"It is a rare occasion when a President can sign a bill he knows will save American lives. I have that privilege this morning. The Military Commissions Act of 2006 is one of the most important pieces of legislation in the War on Terror. ... And now, in memory of the victims of September the 11th, it is my honor to sign the Military Commissions Act of 2006 into law."
- President George W. Bush, 10/17/06
Ostensibly, expanding our government's abilities to fight terrorists is a good thing. However, some of the provisions of this new legislation raise some very serious questions. There is no doubt that the fight against legitimate terrorists would be enhanced and streamlined by this legislation. My concern is that while this legislation would facilitate the trying, convicting, and punishing of legitimate terrorists, the legislation's language leaves the door wide open for abuse of all manner of individuals, from those who find themselves unlucky enough to be in the wrong place at the wrong time to those who this, or a future administration, might find politically inconvenient or politically threatening.
But don't take my word for it, read the Military Commissions Act of 2006 (PDF) for yourself:
I found the following passages of the Act to be the most potentially troublesome:
''§ 948b.
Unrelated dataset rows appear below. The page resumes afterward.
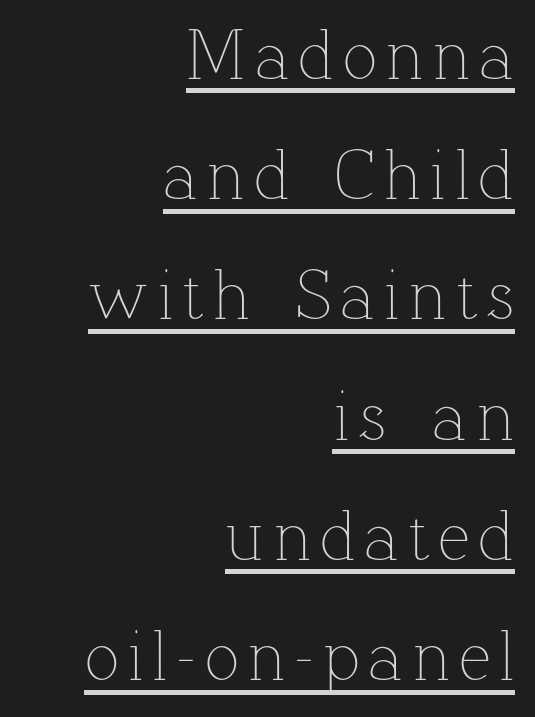
Vertical strokes here are truly vertical. The block of text has a typical density, with ordinary space between rows. The lettering is marked with a stroke running underneath it. Each stroke keeps to a modest, everyday thickness or less. The face used here is proportionally spaced, like ordinary book or web type.
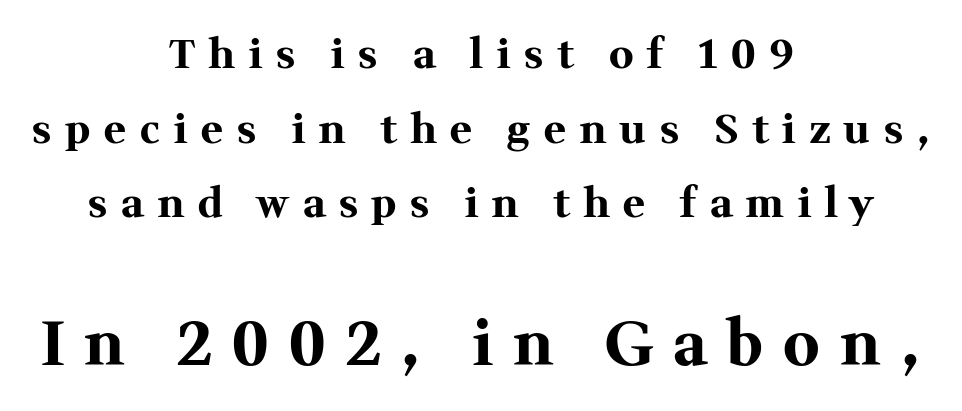
The image shows 61 px bold serif type, upright; set centered, line spacing 1.82x, unusually wide letter spacing (+0.34 em), not underlined; the second (bottom) block is 1.49x larger; medium stroke contrast and a medium x-height.
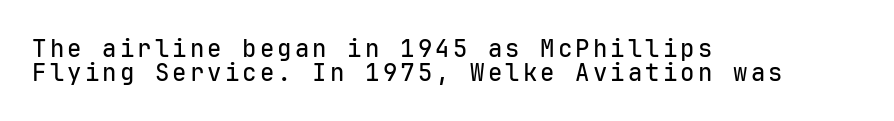
The image shows 24 px text type, upright; set left-aligned, tight line spacing (0.98x), not underlined.
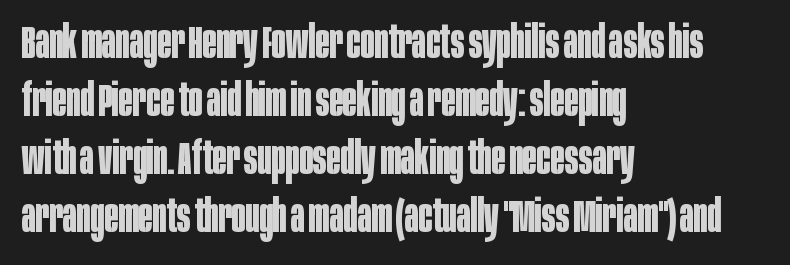
{"serif": "no", "italic": "no", "bold": "yes", "weight": "bold", "width": "condensed", "stroke_contrast": "low", "x_height": "large", "monospaced": "no", "underline": "no", "align": "left", "line_spacing": "normal", "line_spacing_ratio": 1.26, "letter_spacing": "normal", "letter_spacing_em": 0.0, "glyph_px": 46}
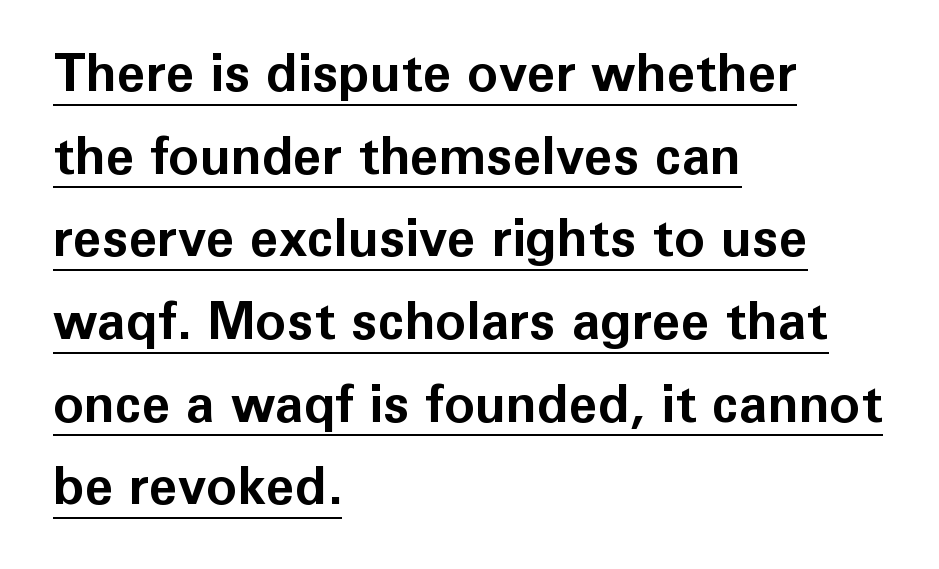
The image shows 52 px bold sans-serif type, upright; set left-aligned, normal line spacing (1.59x), normal letter spacing, underlined; low stroke contrast and a medium x-height.
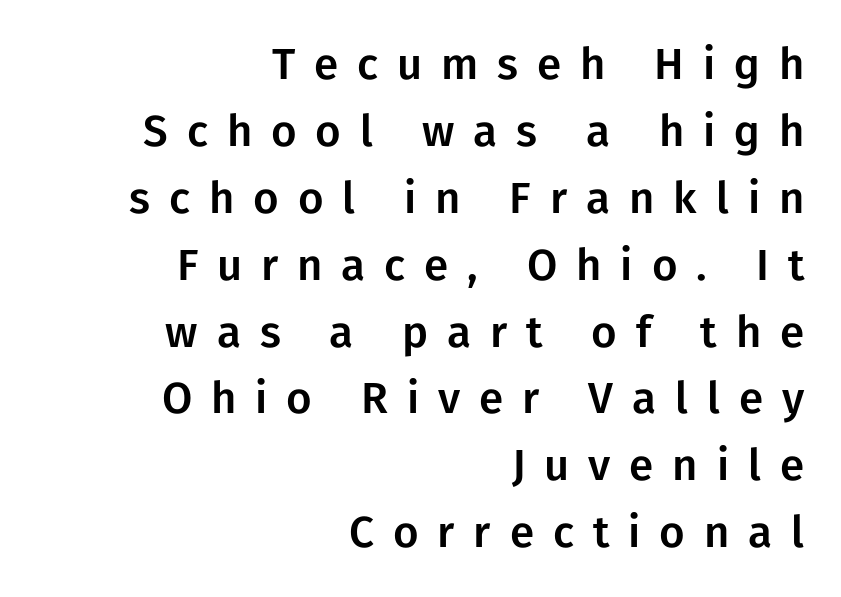
I'd call this a sans setting — the letters go barefoot. Between one letter and the next there's a generous, obvious gap. If you measured baseline to baseline, you'd find a middling distance. You can tell it's not italic because the verticals are truly vertical. Line ends are locked; line starts wander.
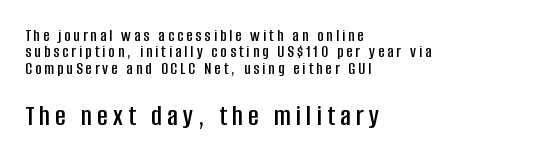
Q: Is the text italic (slanted)? A: No, it is upright.
Q: Is the typeface a serif or a sans-serif typeface? A: Sans-serif.
Q: Is the text underlined? A: No.
Q: How is the paragraph aligned? A: Left-aligned.
Q: Is the spacing between lines tight, normal or loose? A: Tight.
Q: Which block of text is set in a larger size, the first (top) or the second (bottom)? A: The second (bottom) one.
Q: Width (condensed, normal, or wide)? A: Condensed.
Q: Stroke contrast? A: Low.
Q: x-height? A: Large.
Q: Monospaced? A: No.
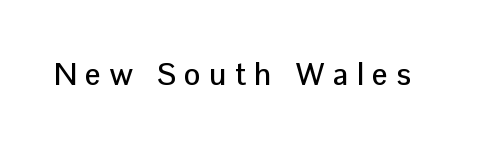
The image shows 31 px sans-serif type, upright; set unusually wide letter spacing (+0.28 em), not underlined; low stroke contrast and a medium x-height.
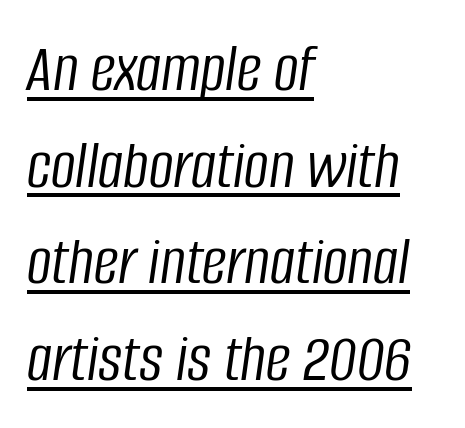
Q: Is the text bold? A: No.
Q: Is the text italic (slanted)? A: Yes, it leans right by about 8 degrees.
Q: Is the text underlined? A: Yes.
Q: How is the paragraph aligned? A: Left-aligned.
Q: Is the spacing between letters normal or unusually wide? A: Normal.
Q: Is the spacing between lines tight, normal or loose? A: Normal.
Q: Width (condensed, normal, or wide)? A: Condensed.
Q: Stroke contrast? A: Low.
Q: x-height? A: Large.
Q: Monospaced? A: No.
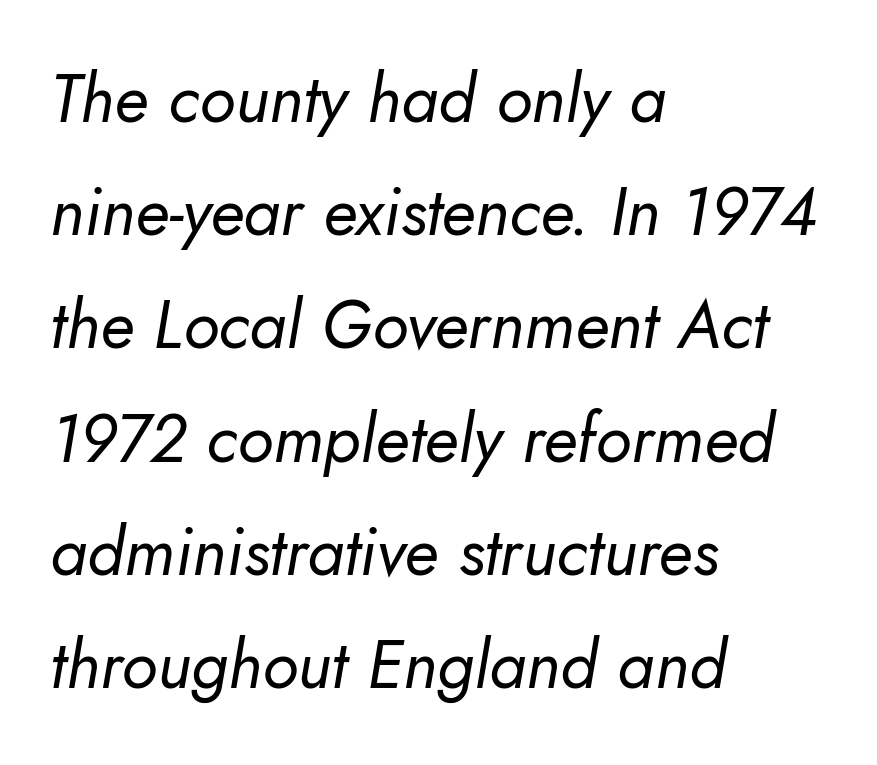
{"italic": "yes", "lean": "right", "slant_degrees": 10, "bold": "no", "weight": "regular", "width": "normal", "stroke_contrast": "low", "x_height": "small", "monospaced": "no", "underline": "no", "align": "left", "line_spacing": "normal", "line_spacing_ratio": 1.69, "letter_spacing": "normal", "letter_spacing_em": 0.0, "glyph_px": 67}
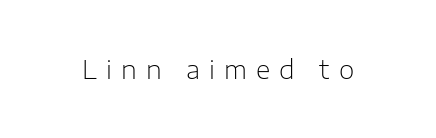
Q: Is the text bold? A: No.
Q: Is the text italic (slanted)? A: No, it is upright.
Q: Is the text underlined? A: No.
Q: Is the spacing between letters normal or unusually wide? A: Unusually wide.
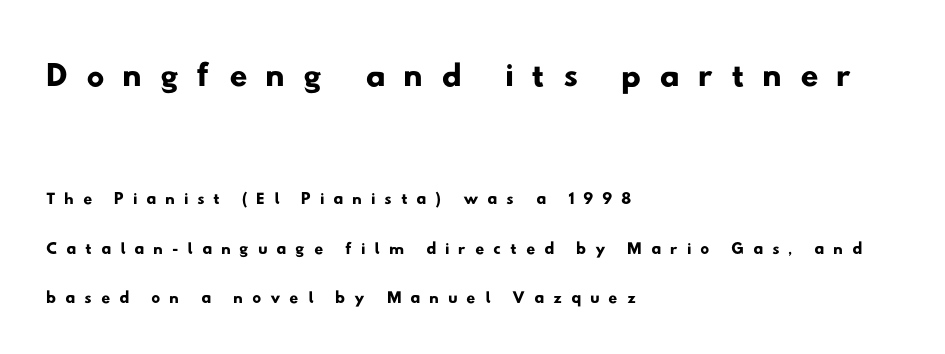
The image shows 50 px wide sans-serif type; set left-aligned, loose line spacing (1.97x), unusually wide letter spacing (+0.35 em), not underlined; the first (top) block is 2.0x larger; low stroke contrast and a small x-height.
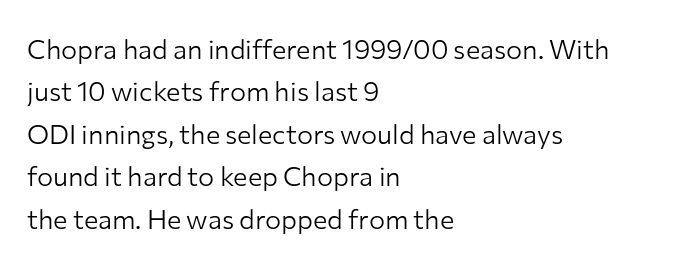
Characters follow at the spacing the type designer built in. Where is the straight margin? On the left. Weight: regular or lighter. Check the space under the baseline: it is left empty. Each new line begins a customary step beneath the previous one.
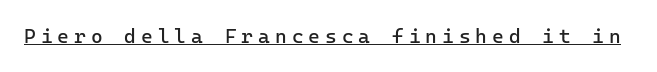
The image shows 20 px text type, upright; set unusually wide letter spacing (+0.25 em), underlined.
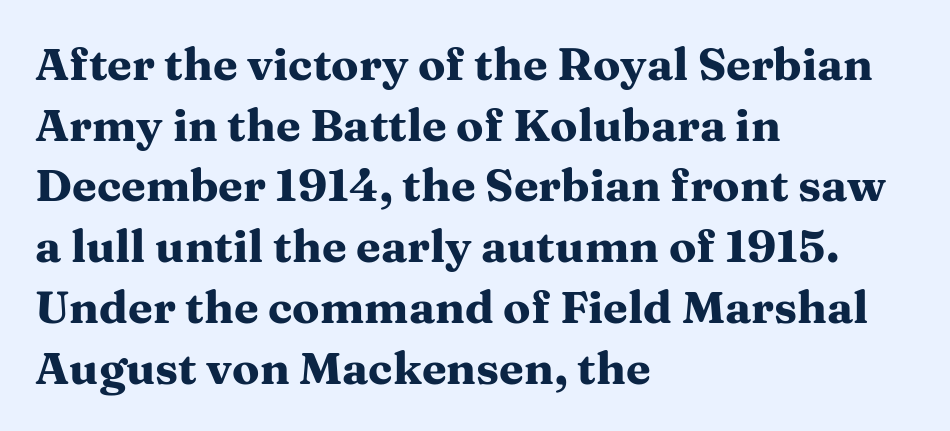
{"serif": "yes", "italic": "no", "bold": "yes", "weight": "heavy", "width": "wide", "stroke_contrast": "medium", "x_height": "medium", "monospaced": "no", "underline": "no", "align": "left", "line_spacing": "normal", "line_spacing_ratio": 1.35, "letter_spacing": "normal", "letter_spacing_em": 0.0, "glyph_px": 45}
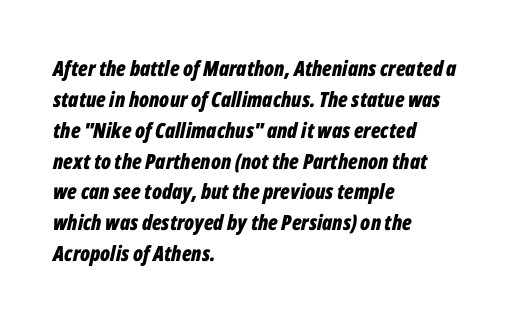
{"italic": "yes", "lean": "right", "slant_degrees": 12, "bold": "yes", "underline": "no", "align": "left", "line_spacing": "normal", "line_spacing_ratio": 1.47, "letter_spacing": "normal", "letter_spacing_em": 0.0, "glyph_px": 21}
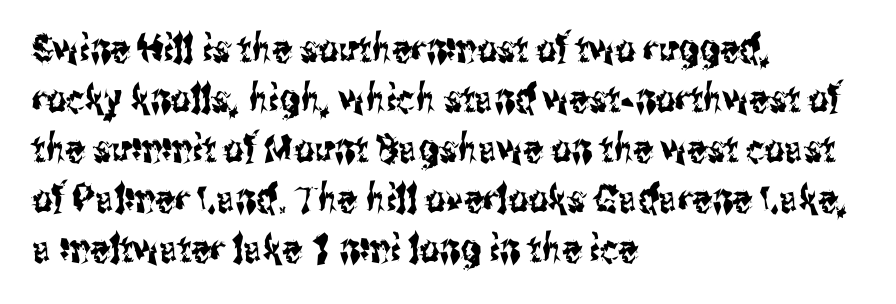
The image shows 39 px condensed sans-serif type, upright; set left-aligned, normal line spacing (1.28x), normal letter spacing, not underlined; medium stroke contrast and a medium x-height.
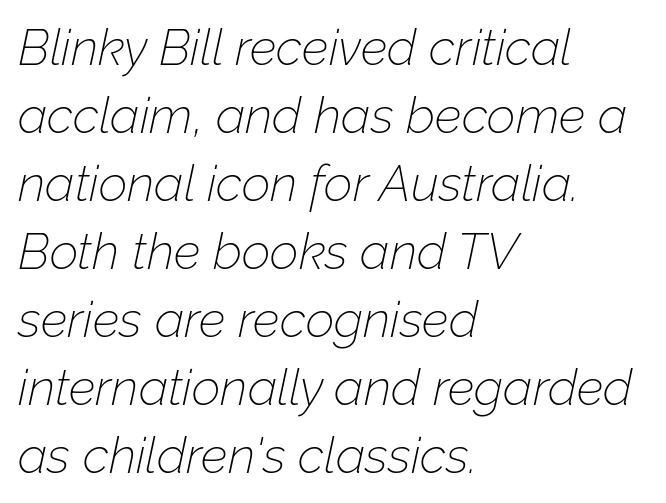
Q: Is the text bold? A: No.
Q: Is the text italic (slanted)? A: Yes, it leans right by about 12 degrees.
Q: Is the text underlined? A: No.
Q: How is the paragraph aligned? A: Left-aligned.
Q: Is the spacing between letters normal or unusually wide? A: Normal.
Q: Is the spacing between lines tight, normal or loose? A: Normal.
Q: Width (condensed, normal, or wide)? A: Normal.
Q: Stroke contrast? A: Low.
Q: x-height? A: Medium.
Q: Monospaced? A: No.
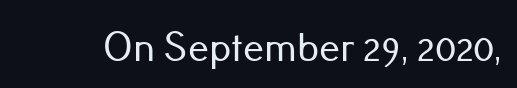
Q: Is the text italic (slanted)? A: No, it is upright.
Q: Is the typeface a serif or a sans-serif typeface? A: Sans-serif.
Q: Is the text underlined? A: No.
Q: Is the spacing between letters normal or unusually wide? A: Normal.
Q: Width (condensed, normal, or wide)? A: Normal.
Q: Stroke contrast? A: Low.
Q: x-height? A: Small.
Q: Monospaced? A: No.
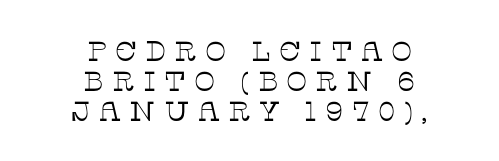
Q: Is the text bold? A: No.
Q: Is the text italic (slanted)? A: No, it is upright.
Q: Is the typeface a serif or a sans-serif typeface? A: Serif.
Q: Is the text underlined? A: No.
Q: How is the paragraph aligned? A: Centered.
Q: Is the spacing between letters normal or unusually wide? A: Unusually wide.
Q: Is the spacing between lines tight, normal or loose? A: Tight.
Q: Width (condensed, normal, or wide)? A: Normal.
Q: Stroke contrast? A: Low.
Q: x-height? A: Large.
Q: Monospaced? A: No.
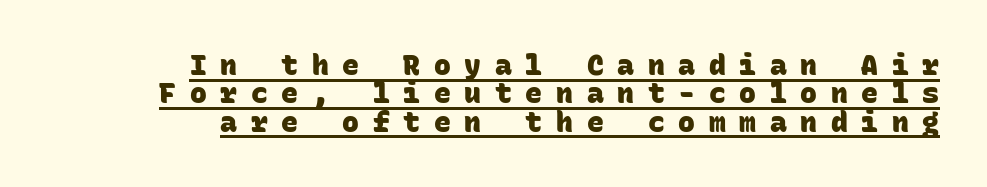
Q: Is the text bold? A: Yes.
Q: Is the typeface a serif or a sans-serif typeface? A: Sans-serif.
Q: Is the text underlined? A: Yes.
Q: How is the paragraph aligned? A: Right-aligned.
Q: Is the spacing between letters normal or unusually wide? A: Unusually wide.
Q: Is the spacing between lines tight, normal or loose? A: Tight.
Q: Width (condensed, normal, or wide)? A: Normal.
Q: Stroke contrast? A: Low.
Q: x-height? A: Large.
Q: Monospaced? A: Yes.
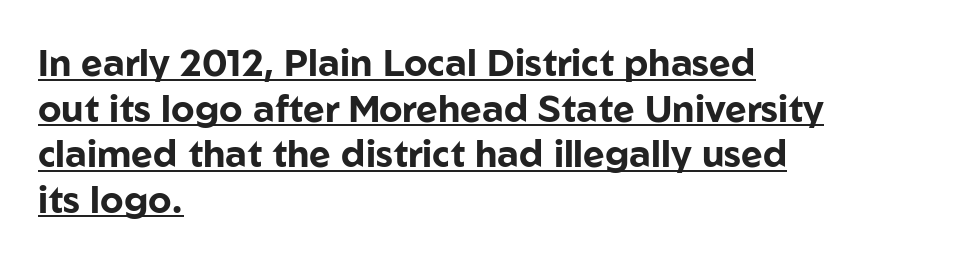
Q: Is the text bold? A: Yes.
Q: Is the text italic (slanted)? A: No, it is upright.
Q: Is the typeface a serif or a sans-serif typeface? A: Sans-serif.
Q: Is the text underlined? A: Yes.
Q: How is the paragraph aligned? A: Left-aligned.
Q: Is the spacing between letters normal or unusually wide? A: Normal.
Q: Width (condensed, normal, or wide)? A: Normal.
Q: Stroke contrast? A: Low.
Q: x-height? A: Medium.
Q: Monospaced? A: No.
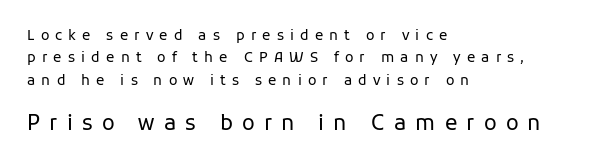
Do the letters lean? They stand straight. Clear beneath every line of the passage. Larger block? The one below; the one above is distinctly smaller. Line starts are locked; line ends wander.
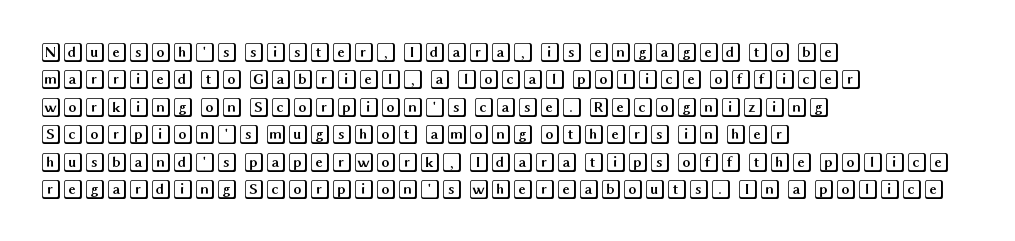
The image shows 20 px text type, upright; set left-aligned, normal line spacing (1.37x), normal letter spacing, not underlined.
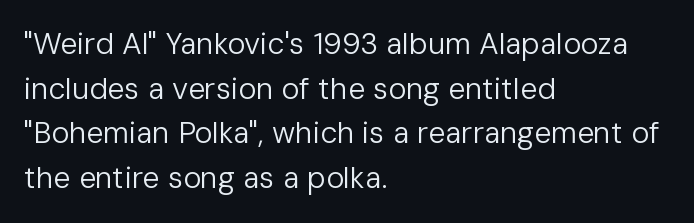
Look at the bottom of the vertical strokes: they stop flat, with no serifs. Tracking here is standard; glyphs follow each other at the usual distance. What's the leading like? Ordinary, nothing unusual. Weight class: somewhere from thin through regular.
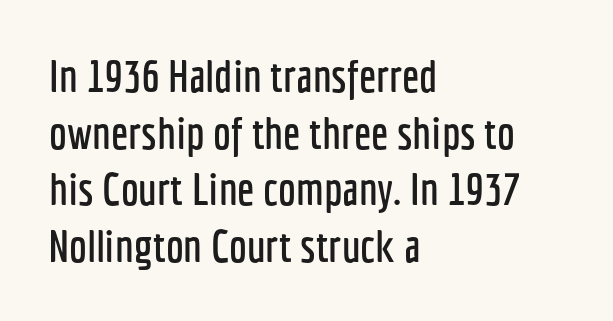
Q: Is the text italic (slanted)? A: No, it is upright.
Q: Is the typeface a serif or a sans-serif typeface? A: Sans-serif.
Q: Is the text underlined? A: No.
Q: How is the paragraph aligned? A: Left-aligned.
Q: Is the spacing between letters normal or unusually wide? A: Normal.
Q: Is the spacing between lines tight, normal or loose? A: Normal.
Q: Width (condensed, normal, or wide)? A: Condensed.
Q: Stroke contrast? A: Low.
Q: x-height? A: Medium.
Q: Monospaced? A: No.
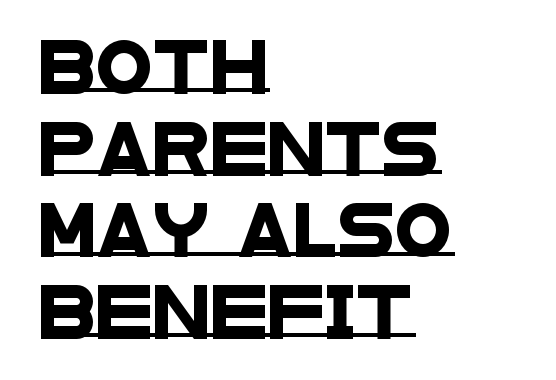
Grotesque or geometric, the face here clearly has no serifs. The letterforms sit shoulder to shoulder at normal distance. Line spacing here is normal. Students, observe the line beneath the letters — that is underlining. The paragraph shown leans on its left margin. Is this a fixed-width face? No — the glyphs have proportional, varying widths.

Military commissions generally
''(d) INAPPLICABILITY OF CERTAIN PROVISIONS.—(1) The following
provisions of this title shall not apply to trial by military
commission under this chapter:
''(A) Section 810 (article 10 of the Uniform Code of Military
Justice), relating to speedy trial, including any rule of courtsmartial
relating to speedy trial.
So much for a right to a fair and speedy trial.
''§ 948r. Compulsory self-incrimination prohibited; treatment
of statements obtained by torture and other
''(b) EXCLUSION OF STATEMENTS OBTAINED BY TORTURE.—A
statement obtained by use of torture shall not be admissible in
a military commission under this chapter, except against a person
accused of torture as evidence that the statement was made.
So, in order to use a statement obtained by the use of torture, just accuse the defendant of torture. Easy enough! (Is it just me or does the statement in (b) read really oddly?)
''§ 949a. Rules
''(B) Evidence shall not be excluded from trial by military
commission on the grounds that the evidence was not seized
pursuant to a search warrant or other authorization.
No warrant, no problem. All searches and seizures are now reasonable, just declare the accused a suspected terrorist.
''(C) A statement of the accused that is otherwise admissible
shall not be excluded from trial by military commission on
grounds of alleged coercion or compulsory self-incrimination
so long as the evidence complies with the provisions of section
948r of this title.
Accuse the defendant of torture and then beat the statement out of him. It's all good.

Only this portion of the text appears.